Items from a dataset:
*** Begin section ***

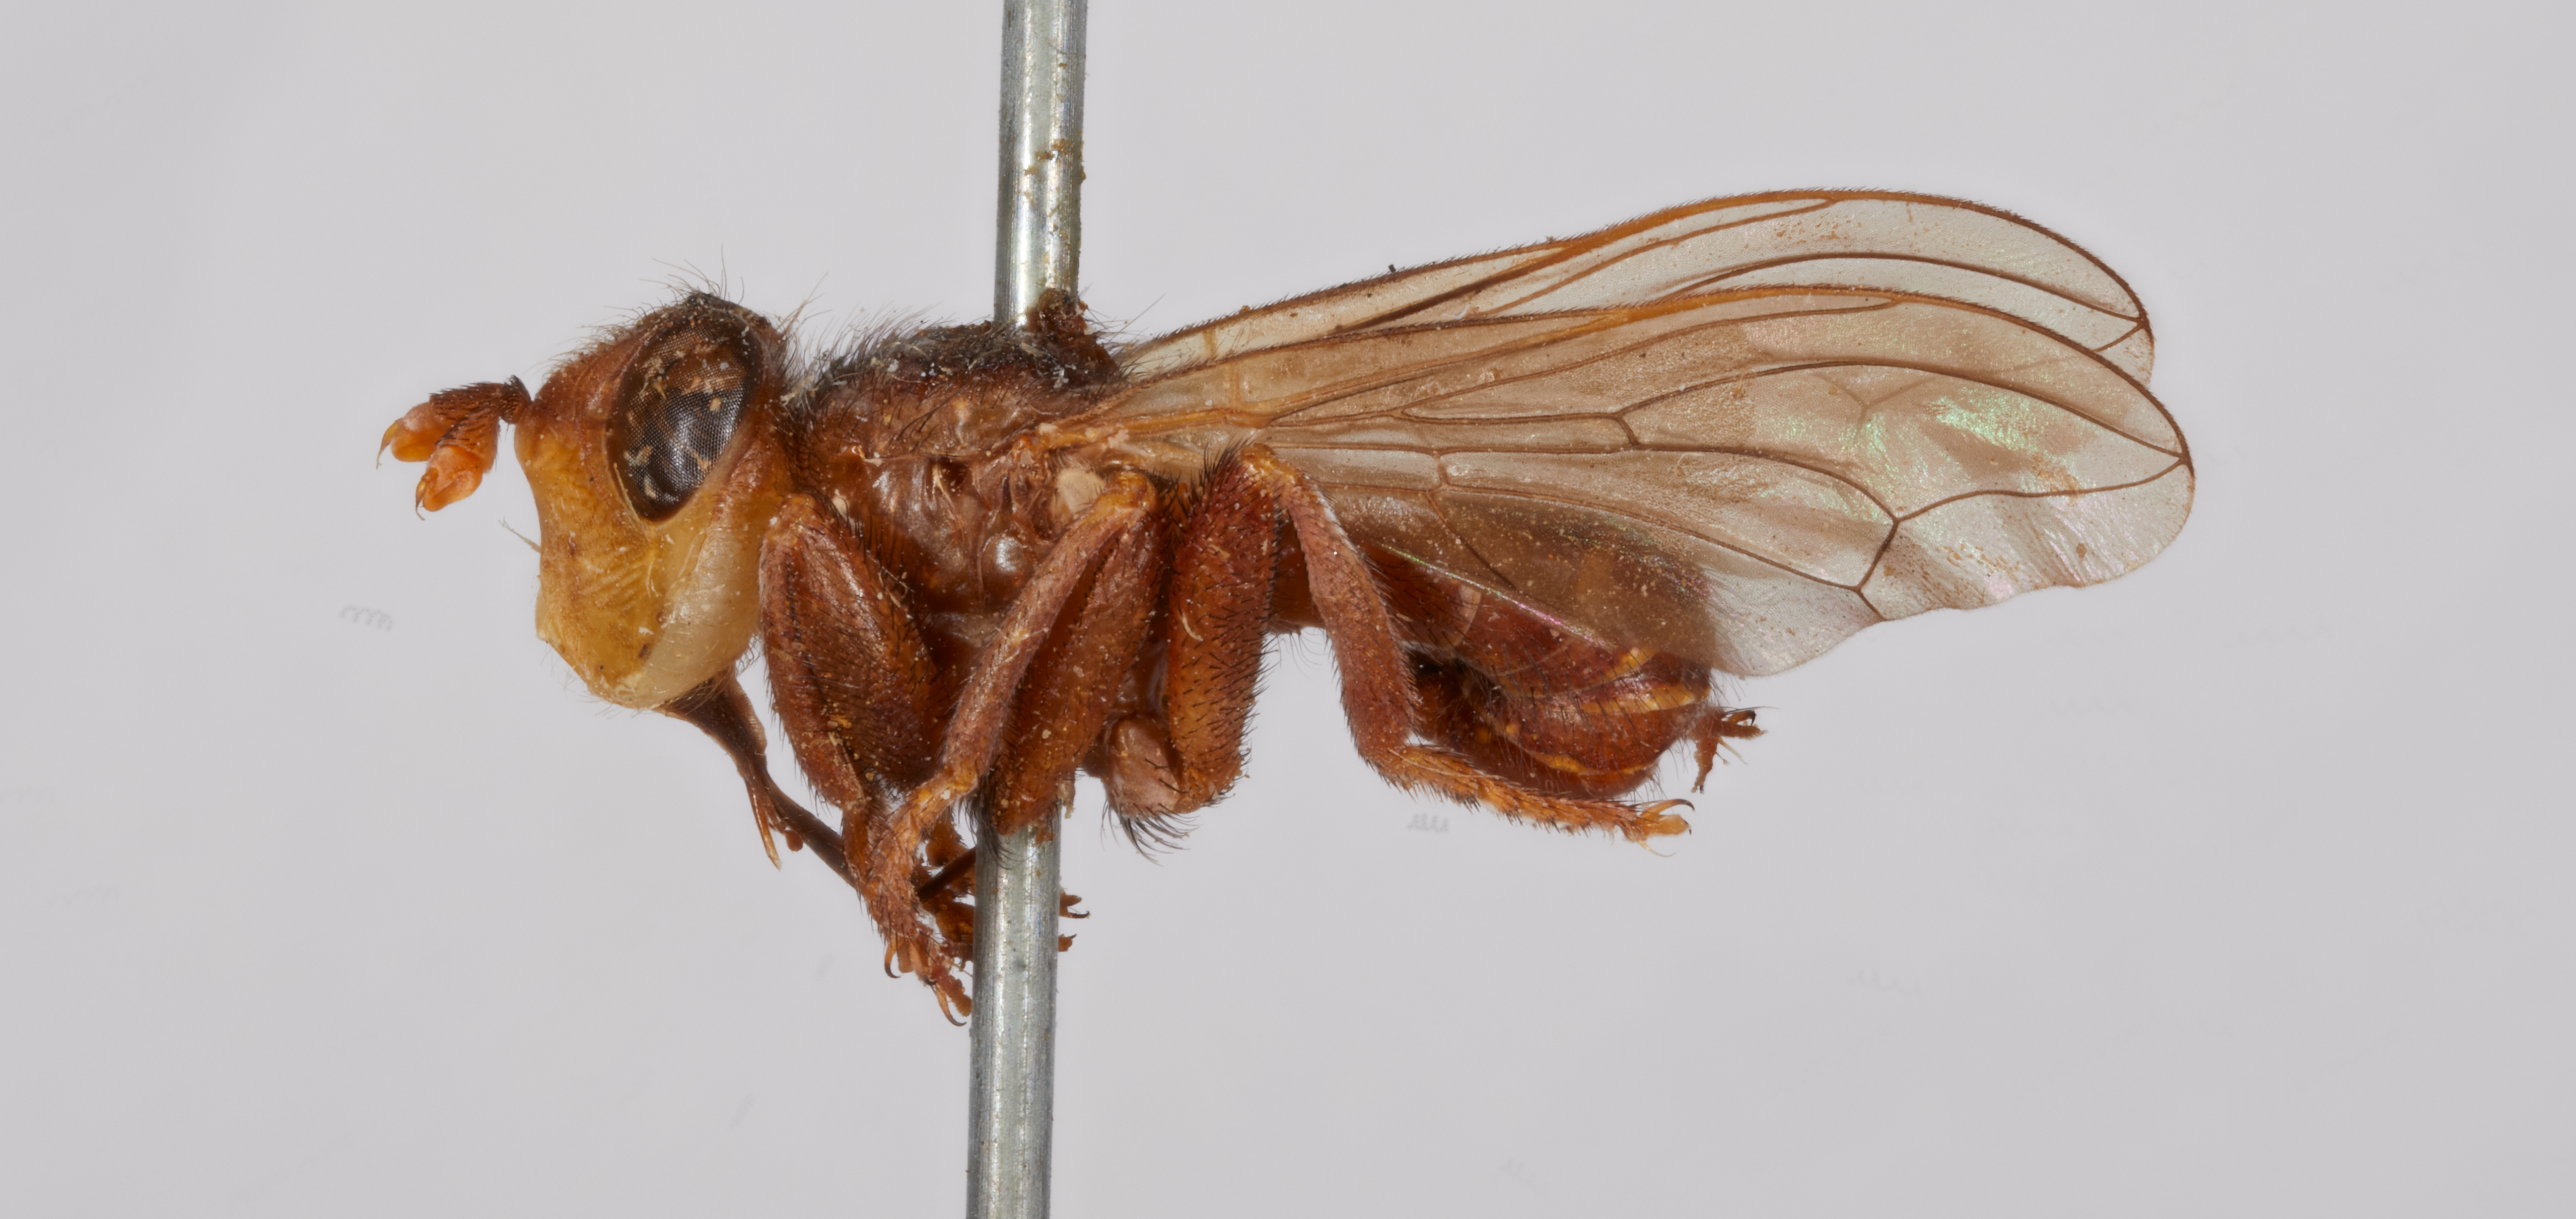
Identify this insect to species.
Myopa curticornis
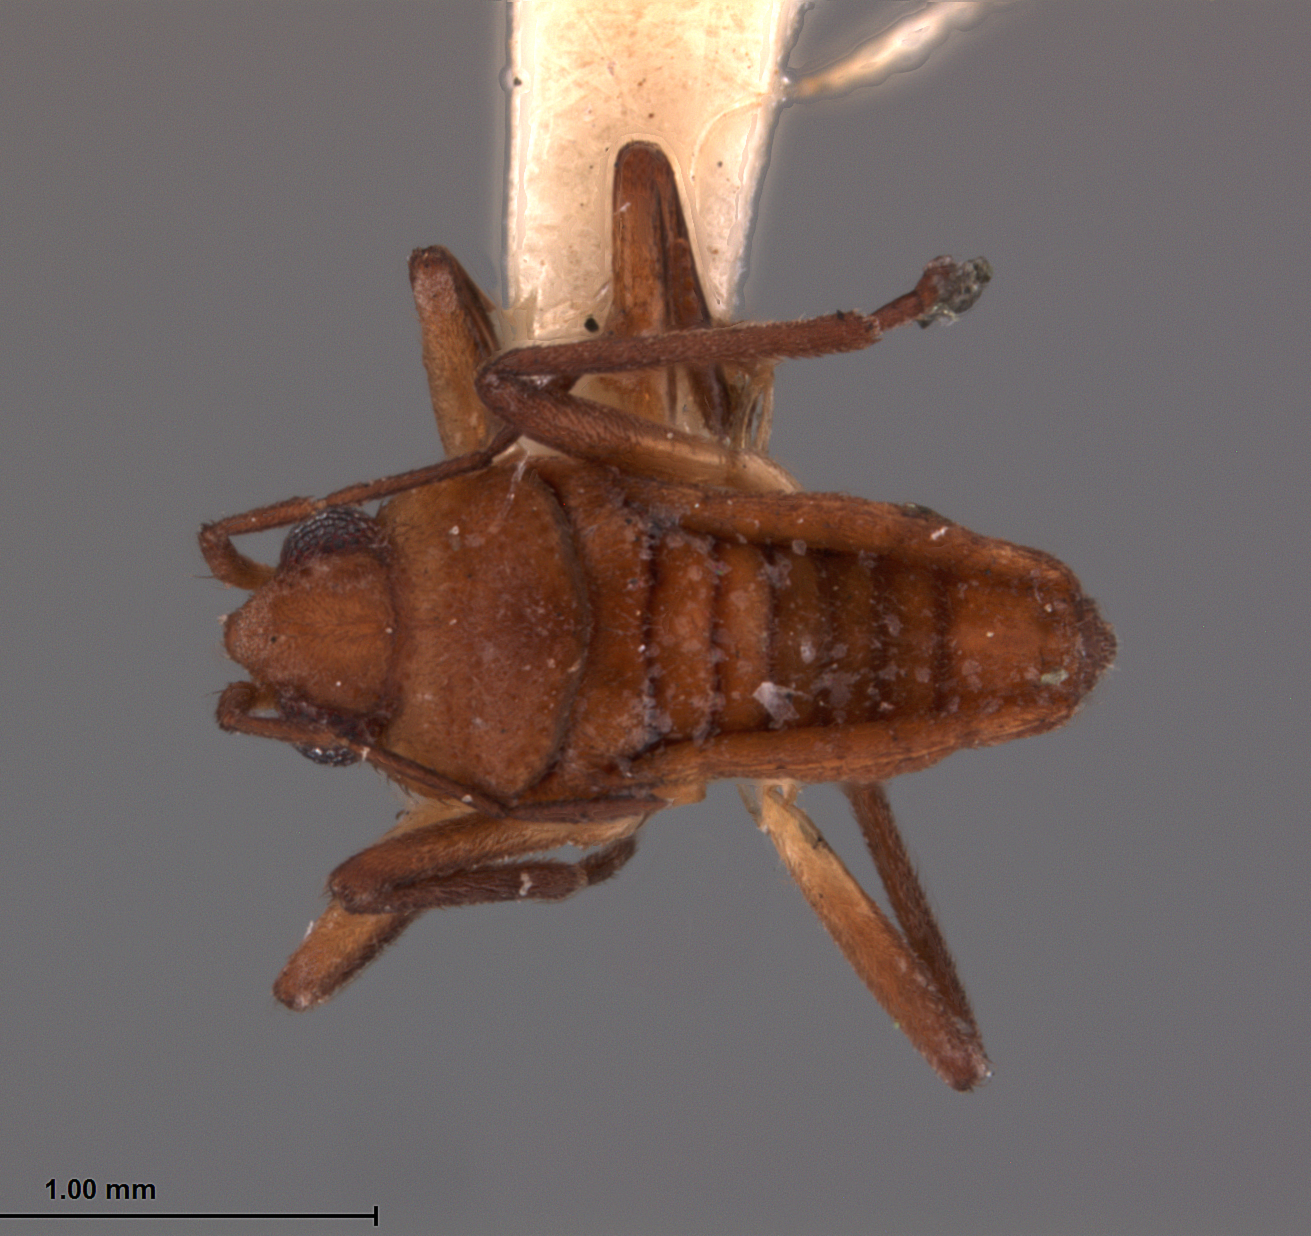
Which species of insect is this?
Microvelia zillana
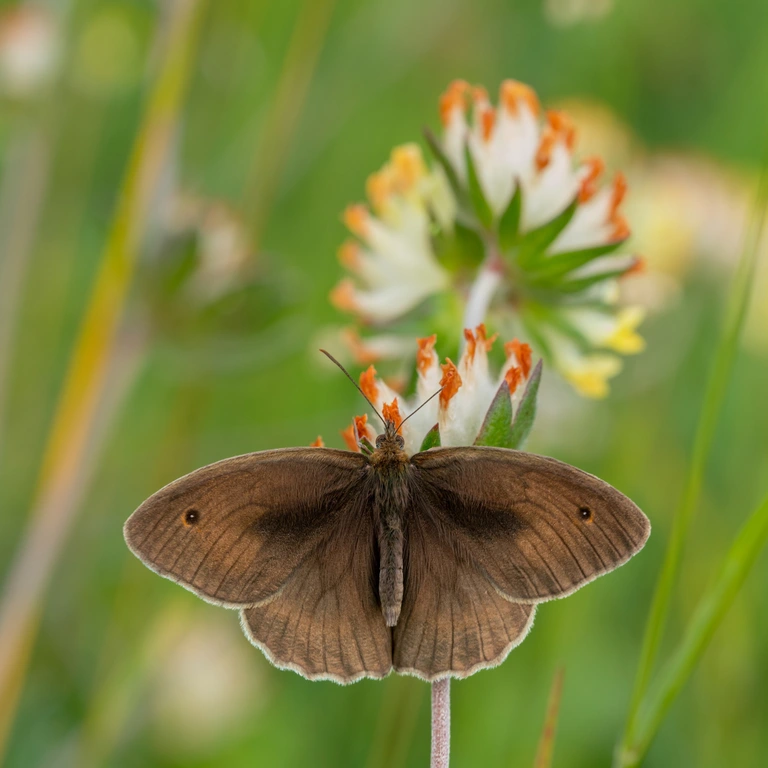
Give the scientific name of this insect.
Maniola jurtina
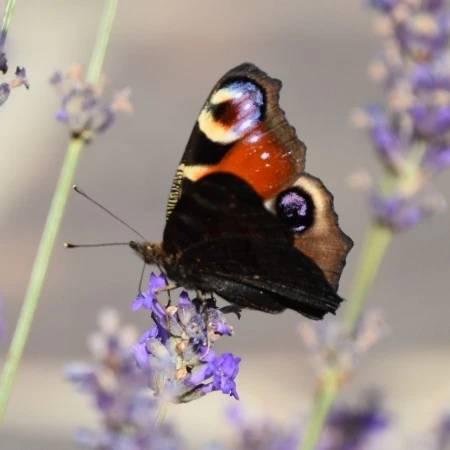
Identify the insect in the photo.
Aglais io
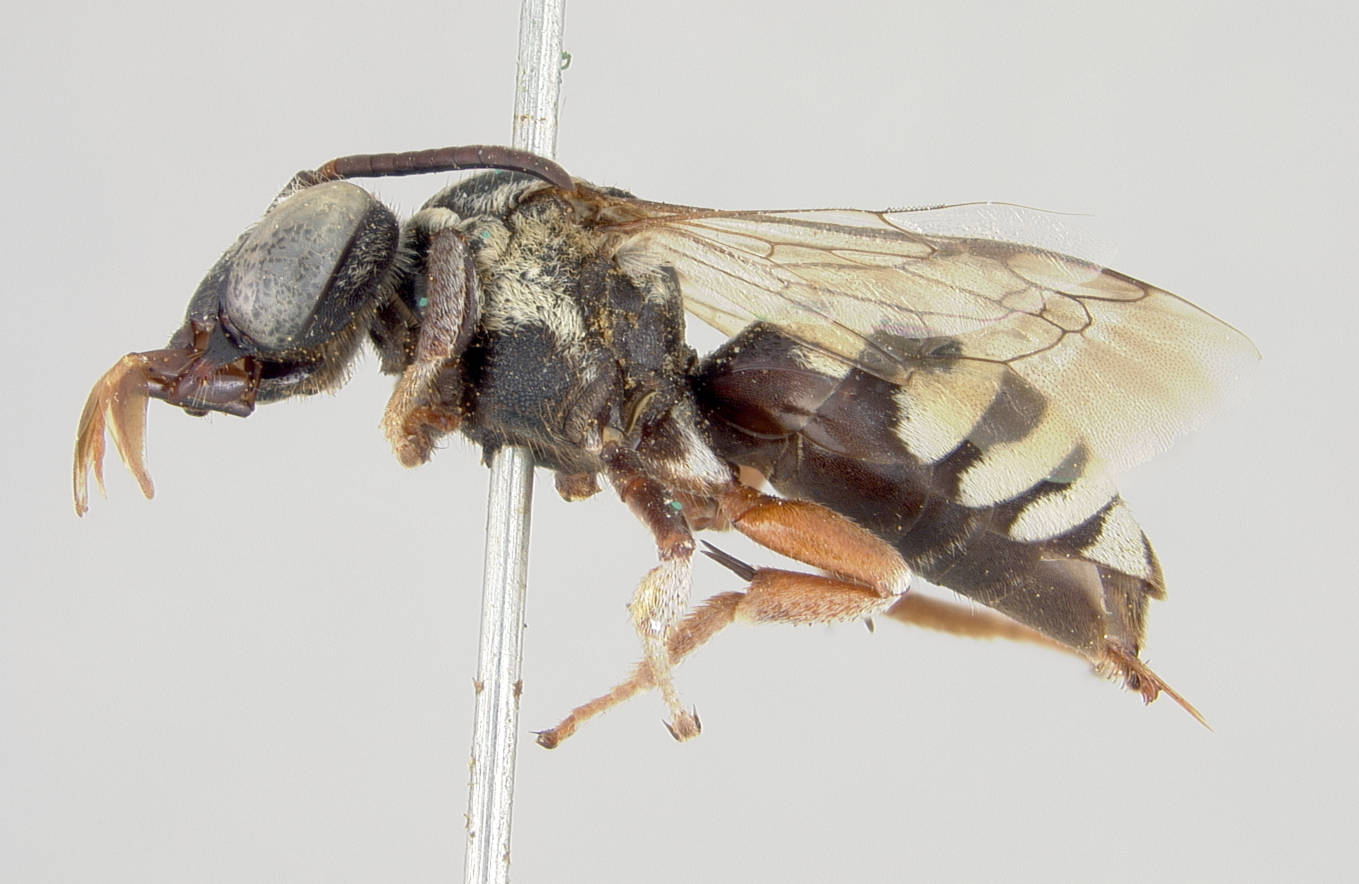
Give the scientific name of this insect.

*** End section ***

[Exercise requirements] Reproduce the data above word for word, but leave the images out.

[Output for this task]
Identify this insect to species.
Myopa curticornis
Which species of insect is this?
Microvelia zillana
Give the scientific name of this insect.
Maniola jurtina
Identify the insect in the photo.
Aglais io
Give the scientific name of this insect.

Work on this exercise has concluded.